Treatment of MDA-MB-231 xenografted nude mice with mAb04-MICA was more effective than that with mAb04 in inhibiting tumor growth, achieving 36.28% and 77.43% tumor growth inhibition at doses of 1 and 5 mg/kg compared to 15.13% and 55.71% for mAb04, respectively. In addition, high dose treatment of mAb04-MICA was superior to the combination therapy groups (60.73%, mAb04 + Docetaxel, 66.99%, Avastin + Docetaxel) (Figure 9A to 9D). Consistent inhibition was observed in MDA-MB-435 xenografts (Supplementary Figure S4A to S4D).

mAb04-MICA demonstrated in vivo efficacy against a MDA-MB-231 xenograft.

Figure 9: mAb04-MICA demonstrated in vivo efficacy against a MDA-MB-231 xenograft. A, B. Tumor growth curves for nude mice. Each BALB/c nude mouse was subcutaneously injected 1×107 MDA-MB-231 cells for different treatment. Treatment began following tumor development, and the measurement of tumor volume started as well. C, D. Tumor inhibition rates of different dosage groups. mAb04-MICA significantly improved tumor inhibition rate compared to mAb04/Docetaxel. Data were presented as the mean ± SD, *p < 0.05, **p < 0.01. E, F. Survival curves for nude mice bearing tumor. mAb04-MICA had noteworthy survival benefit compared to mAb04 + Docetaxel or Avastin + Docetaxel.

Treatment with mAb04-MICA also prolonged survival. All mice bearing MDA-MB-231 xenograft treated with PBS succumbed to tumor at day 39 (Figure 9E). In this setting, mAb04-MICA at a dose of 5 mg/kg increased median survival by 44 days, comparably mAb04 25 days (Figure 9F), mAb04 + Docetaxel 31 days and Avastin + Docetaxel 34 days, respectively. In terms of MDA-MB-435 tumor-bearing mice, treatment with mAb04-MICA significantly prolonged the survival compared to the control group (Supplementary Figure S4E and S4F).

mAb04-MICA inhibited markers of proliferation and angiogenesis in tumor xenograft

IHC demonstrated that there was a significant decrease in the numbers and intensity of cell proliferation marker Ki-67 in mAb04-MICA treated tumors compared to untreated groups, with a slight decrease compared to mAb04 + Docetaxel or Avastin + Docetaxel treated group (Figure 10A).

mAb04-MICA reduced markers of proliferation and angiogenesis in MDA-MD-231 xenograft.

Figure 10: mAb04-MICA reduced markers of proliferation and angiogenesis in MDA-MD-231 xenograft. A. IHC staining of Ki-67 on paraffin sections of xenografted tumor. Ki-67+ cells were identified with an anti-Ki-67 antibody (brown staining).

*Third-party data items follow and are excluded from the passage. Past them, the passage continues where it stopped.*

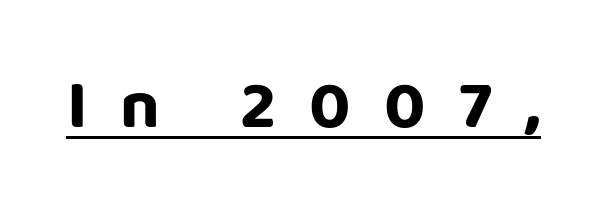
This sample uses expanded letter spacing, leaving extra air between glyphs. The letters stand upright; this is a roman face. Varying glyph widths throughout — classic text-font behaviour. Check where the strokes stop: nothing finishes them off — pure sans.
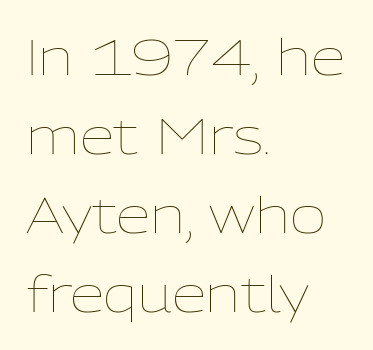
Tall strokes in this sample are plumb rather than angled. Check under the words: just untouched page. You could not count columns in this text — the font is proportionally spaced. Leading: standard.
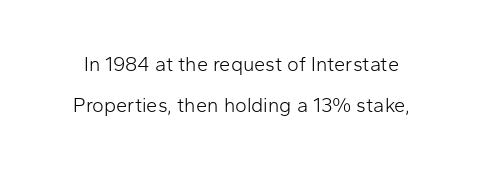
The image shows 20 px text type, upright; set loose line spacing (2.05x), normal letter spacing, not underlined.
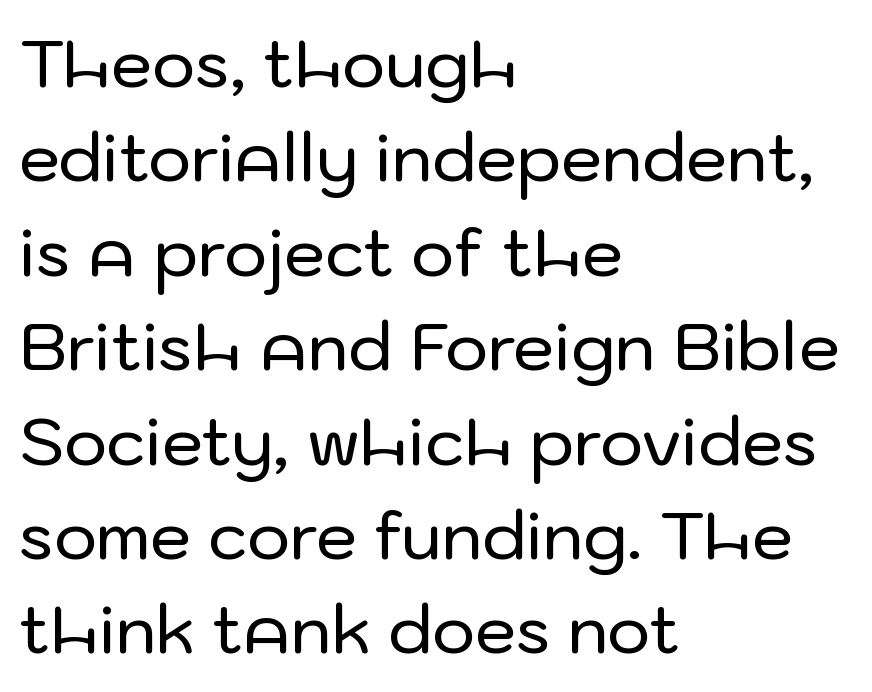
The image shows 66 px sans-serif type, upright; set left-aligned, normal line spacing (1.43x), normal letter spacing, not underlined; low stroke contrast and a medium x-height.
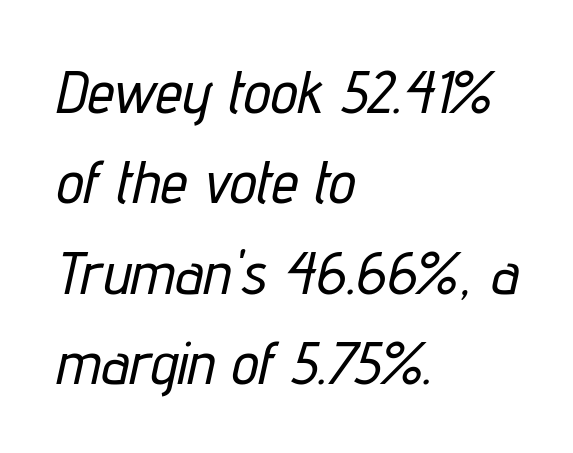
{"italic": "yes", "lean": "right", "slant_degrees": 12, "width": "condensed", "stroke_contrast": "low", "x_height": "medium", "monospaced": "no", "underline": "no", "align": "left", "line_spacing": "normal", "line_spacing_ratio": 1.48, "letter_spacing": "normal", "letter_spacing_em": 0.0, "glyph_px": 61}
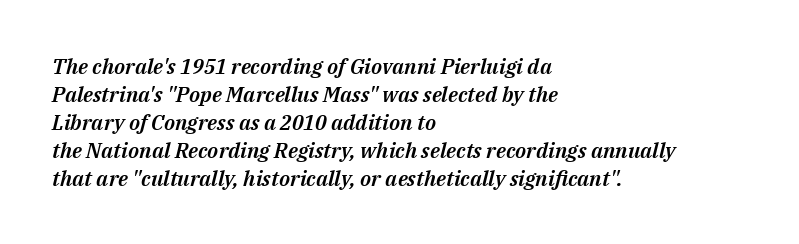
Q: Is the text italic (slanted)? A: Yes, it leans right by about 14 degrees.
Q: Is the text underlined? A: No.
Q: How is the paragraph aligned? A: Left-aligned.
Q: Is the spacing between letters normal or unusually wide? A: Normal.
Q: Is the spacing between lines tight, normal or loose? A: Normal.
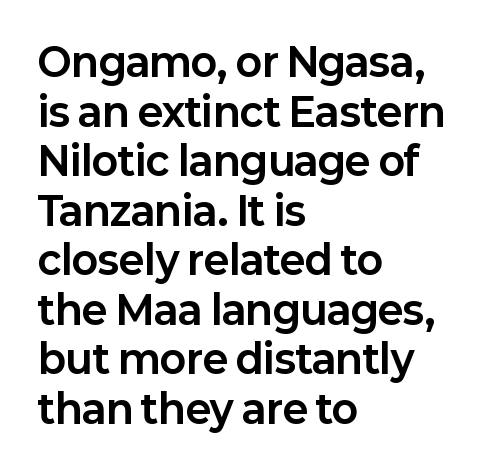
{"serif": "no", "italic": "no", "bold": "yes", "weight": "bold", "width": "normal", "stroke_contrast": "low", "x_height": "medium", "monospaced": "no", "underline": "no", "align": "left", "line_spacing": "normal", "line_spacing_ratio": 1.27, "letter_spacing": "normal", "letter_spacing_em": 0.0, "glyph_px": 39}

B. IHC staining of VEGF (brown staining). C. IHC staining of CD31. The CD31+ blood vessels were identified with an anti-CD31 antibody (brown staining, indicated by the red arrows). Photomicrographs showed representative pictures from 3 independent tumor samples.

Tumor sections stained with anti-VEGF (Figure 10B) and anti-CD31 (Figure 10C) antibodies showed reduced intensity of staining in the mAb04-MICA treated groups. The density of tumor neovascularization was lower in the mAb04-MICA (5 mg/kg) treated group than mAb04 + Docetaxel or Avastin + Docetaxel group. The enhanced inhibition of Ki-67/VEGF/CD31 by mAb04-MICA were consistent with increased anti-tumor effects resulting from the presence of MICA.

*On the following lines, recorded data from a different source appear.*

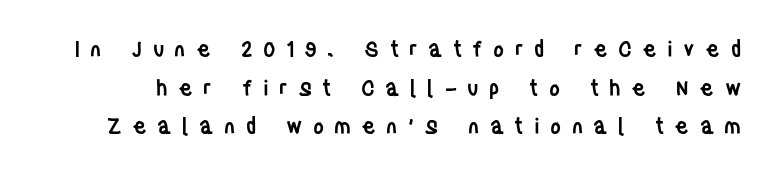
Notice how the stems are strictly vertical — no italics here. The font is running at a semibold setting, under full bold. Check the space under the baseline: it is left empty. The passage shown has open, widely tracked lettering throughout.
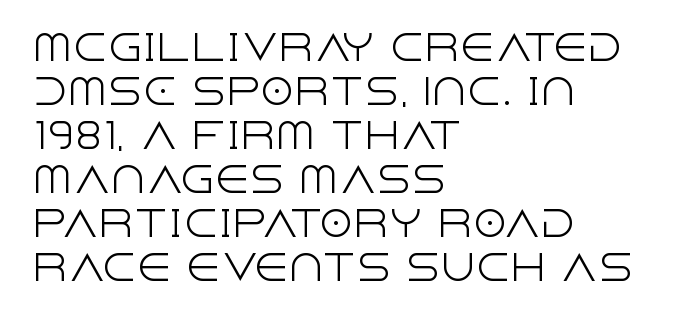
{"serif": "no", "italic": "no", "bold": "no", "weight": "light", "width": "normal", "x_height": "large", "monospaced": "no", "underline": "no", "align": "left", "line_spacing": "normal", "line_spacing_ratio": 1.26, "letter_spacing": "normal", "letter_spacing_em": 0.0, "glyph_px": 35}
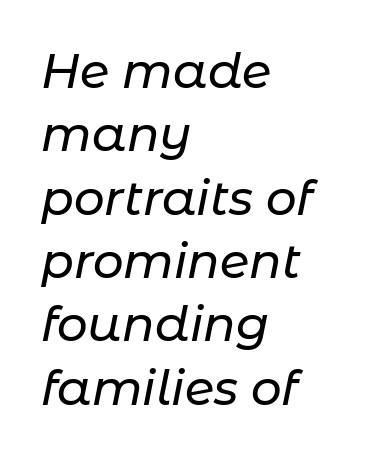
{"italic": "yes", "lean": "right", "slant_degrees": 11, "width": "normal", "stroke_contrast": "low", "x_height": "medium", "monospaced": "no", "underline": "no", "align": "left", "line_spacing": "normal", "line_spacing_ratio": 1.32, "letter_spacing": "normal", "letter_spacing_em": 0.0, "glyph_px": 48}
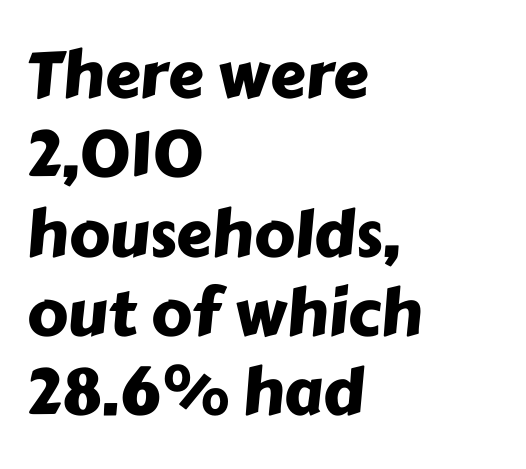
Each letter's strokes conclude bluntly, with no projecting serifs. Each line starts at the same left margin while the right side varies. These lines are rendered in a variable-pitch font. The letters sit at their default tracking, neither squeezed nor spread. Anything drawn beneath the words? Only blank space.
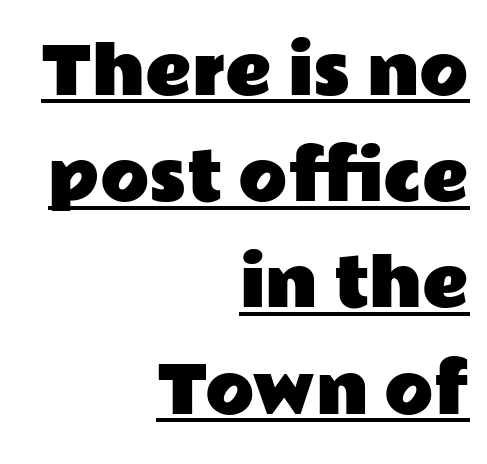
The image shows 64 px wide sans-serif type, upright; set right-aligned, normal line spacing (1.66x), normal letter spacing, underlined; low stroke contrast and a medium x-height.
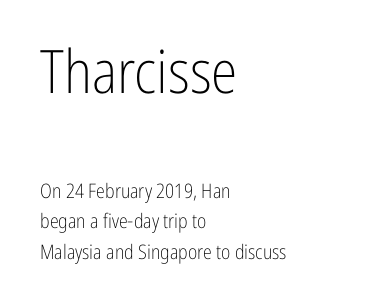
The image shows 60 px light, condensed sans-serif type, upright; set left-aligned, normal line spacing (1.53x), normal letter spacing, not underlined; the first (top) block is 3.0x larger; low stroke contrast and a medium x-height.

mAb04-MICA increased tumor-infiltrated NK cells and stimulated the expression of IFN-γ and TNF-α

IHC analysis (Figure 11A/Supplementary Figure S5A) revealed the level of infiltrating CD56+ cells (CD56 is not strictly specific for NK cells, but we estimated that CD56 gave a reasonable representation of NK cells in the tumor tissue [39]) was considerably higher in tumor tissues of mice treated with mAb04-MICA than tumors from mice treated with the same dose of mAb04. Significantly higher levels of secretion and expression of IFN-γ and TNF-α were also found in the mAb04-MICA treated group (Figure 11B and 11C/Supplementary Figure S5B and S5C). The infiltrated NK cells and the secreted immune cytokines in MDA-MB-435 were less than those in MDA-MB-231 with the same treatments, which was consistent with the cytotoxicity assay and immunoregulatory experiments in vitro. It was therefore mAb04-MICA enhanced immunosurveillance mediated by NK cells against VEGFR2 positive breast cancer cells, and the activities of immunosurveillance and inhibiting tumor were proportional to the binding of mAb04-MICA to cancer cell surface.

mAb04-MICA aggravated soakage of NK cells in MDA-MB-231 tumor tissue and increased the production of IFN-&#x03B3; and TNF-&#x03B1; by NK cells.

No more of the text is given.